SECTION 3.04. Short-Year State and Local Returns. The Parties agree that Combined Returns filed for Tax periods beginning January 1, 2015, will reflect a short taxable year for Scripps Spinco ending on the Distribution Date in any state or local taxing jurisdiction in which such Tax year is allowed by administrative practice, whether or not required by law.
SECTION 3.05. Estimated Taxes, Etc. For each Combined State, the Parties will determine the Scripps Spinco Combined Group’s estimated Tax payments and extension payments (collectively, “Estimated State Taxes”), will prescribe the information required to be provided by the Scripps Spinco Combined Group to support Scripps’ preparation and filing of Combined Returns and payment of Estimated State Taxes, together with a schedule of due dates for providing of such information and paying its share of Estimated State Taxes, and Scripps Spinco will timely and accurately provide and pay the same to Scripps, the Parties will calculate the aggregate Scripps Spinco Group State Tax Liability for all Combined States for a Combined Year less a credit for aggregate Estimated State Taxes paid or determine the refund due to Scripps Spinco to the extent aggregate Estimated State Taxes paid by Scripps Spinco exceed the aggregate Scripps Spinco Group State Tax Liability. For each Combined Return, payment by Scripps Spinco to Scripps is due within three (3) business days before the date such Tax are required to be paid. Payment by Scripps to Scripps Spinco of any Scripps Spinco overpayment is due within five (5) business days after the return including the overpayment is filed.
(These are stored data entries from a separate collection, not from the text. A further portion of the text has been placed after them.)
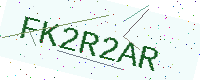
Text: FK2R2AR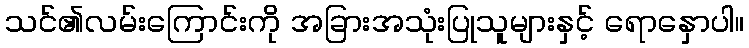
သင်၏လမ်းကြောင်းကို အခြားအသုံးပြုသူများနှင့် ရောနှောပါ။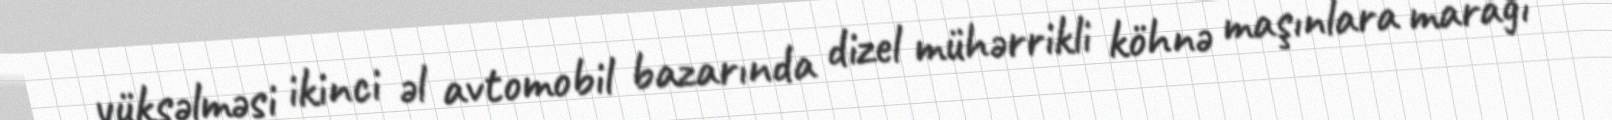
yüksəlməsi ikinci əl avtomobil bazarında dizel mühərrikli köhnə maşınlara marağı

SECTION 3.06. Adjustments.
(a) If an Adjustment occurs, the Scripps Spinco Group State Tax Liability for the year in question shall be recomputed by the Parties, including all changes to apportionment percentages that result from such Adjustment. Scripps Spinco shall make payments to Scripps for an increase in the Scripps Spinco Group Tax Liability or Scripps shall make payments to Scripps Spinco for a decrease in the Scripps Spinco Group Tax Liability, including its allocable share of interest, penalties and additions to Tax and external costs. Payment in respect of such Adjustments by Scripps Spinco is due at least one (1) business day before the date payment of such Adjustment is required to be made. Payment in respect of such Adjustments by Scripps is due within five (5) business days after Scripps receives a refund or credit for refund in respect of the items in question.
(b) Subject to Article VIII, the Parties shall jointly control all Tax Contests relating to any such Adjustments.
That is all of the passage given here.